Here we go again around the carousel
There does appear to be a dispiriting circularity to the fortunes of FCA’s Italian brands of late. So much so in fact, that it’s often difficult to keep up with the merry-go-round’s centrifugal impulse.
Maserati: Sales up, sales down. Now it appears to be Alfa Romeo’s turn on the pinwheel. According to an opinion piece published on Automotive News Europe last week, Alfa’s European six-month sales to June have slumped 42% by comparison with the same period last year.

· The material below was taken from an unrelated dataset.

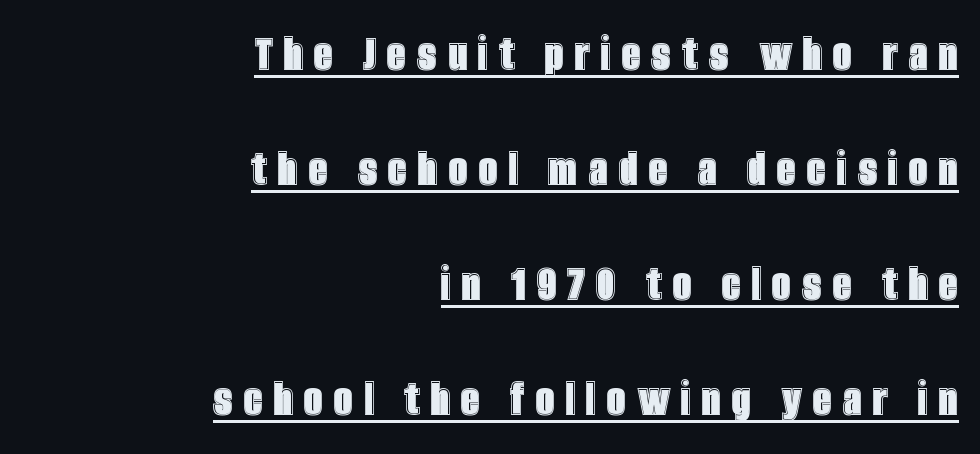
The image shows 53 px condensed type, upright; set right-aligned, loose line spacing (2.17x), unusually wide letter spacing (+0.21 em), underlined; a large x-height.

Piling ignominy upon misfortune was the much-quoted revelation that the Biscione has been outsold by the domestic market-only, seemingly impossible to kill white hen, Lancia delivering 34,693 revenant Ypsilons over the same timescale to Alfa Romeo’s 29,059. Furthermore, Alfa was surpassed during the first half of 2019 by Tesla, Jaguar and Porsche, while serially underperforming Lexus is currently nipping at the Milanese brand’s heels.
Having shipped over 120,000 vehicles globally last year on the back of robust demand in the US and China, North American sales have dropped 26% during the first half of the year and like everyone else, FCA’s Chinese market fortunes are in reverse. Worse still is last month’s European sales figures, with Alfa Romeo’s deliveries dropping 56% in Italy, 66% in France and 70% in Spain. What on earth is happening?

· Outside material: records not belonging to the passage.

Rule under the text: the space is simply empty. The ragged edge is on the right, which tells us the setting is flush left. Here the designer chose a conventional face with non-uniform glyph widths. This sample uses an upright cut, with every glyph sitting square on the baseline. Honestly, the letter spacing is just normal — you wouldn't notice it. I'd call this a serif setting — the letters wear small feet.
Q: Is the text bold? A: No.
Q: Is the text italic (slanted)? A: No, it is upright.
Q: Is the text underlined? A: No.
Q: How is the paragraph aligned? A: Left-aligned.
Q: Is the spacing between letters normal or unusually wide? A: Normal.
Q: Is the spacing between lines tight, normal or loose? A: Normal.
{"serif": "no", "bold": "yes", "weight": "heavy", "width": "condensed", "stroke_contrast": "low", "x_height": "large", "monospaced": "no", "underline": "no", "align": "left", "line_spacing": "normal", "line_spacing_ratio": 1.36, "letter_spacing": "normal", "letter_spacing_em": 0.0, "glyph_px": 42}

What we know is that Alfa Romeo’s core models in Europe are either very long in the tooth (Giulietta) or have already met their date with the eternal (MiTo). The Giulia on the other hand; arguably the most superficially attractive car in its sector is a fine car according to most assessments, while even if its appearance is not an entirely unqualified success, the Stelvio crossover is at least equally competent, yet neither is performing anywhere close to market projections.
Some might point out Alfa Romeo’s longstanding reputation for mechanical and electronic frailty, but the current models don’t appear to be significantly worse in that area than many. Then there is pricing, with many of the view that the fabled Italian marque has not quite earned the right to charge premium prices for its wares – a matter of debate perhaps.
However, an area of the ownership experience FCA seem either incapable or unwilling to address is that of their dealers. Firstly, try finding one. But of even more significance is the dealership ambience itself, which does seem, despite Alfa’s upmarket pretensions, to be anything but.
Add in a level of service which is consistently criticised, so even if the product was class-leading, the customer experience leaves something to be desired. Because what the numbers tend to underline is that while customers might be tempted to give the Scudetto a punt, they are perhaps less minded to repeat the experience.
There is speculation now, which has been echoed by ANE’s commentator, that within FCA’s new regime under Mike Manley, Alfa Romeo has ceased to be a priority, and with no new product in the pipeline, reputedly until 2021, Alfa’s decline seems unlikely to be arrested anytime soon by the injection of new product. Clearly, Alfa needs the promised Tonale CUV now, not in two year’s time, when it will definitely be too late.
Mr. Manley’s priority appears to lie with mergers and acquisitions so once again the Biscione’s fortunes appear to be in a holding pattern, pending better fortunes. Meanwhile, the situation is not aided by the revolving door of chief executives who arrive, before just as swiftly departing again – the most recent being Tim Kuniskis, who barely warmed his seat before being whisked back to the land of the free. Continuity and consistency, never particular bywords at Arese, certainly wouldn’t hurt, but frankly the only area of consistency one can discern is FCA management’s inconsistency.
Where all of this is going is hard to predict, but it doesn’t require a genius to establish that it doesn’t at all bode well. And while some of us suggested at the time that it would be an upward struggle to re-establish Alfa Romeo in the wake of its enforced hiatus, few could have predicted just how difficult it would prove to be.
Yet here we are once more contemplating another period of suspended animation, pending the next revival phase. How much longer can the agony be prolonged? Has Alfa’s last chance already been squandered or is there a way back from here?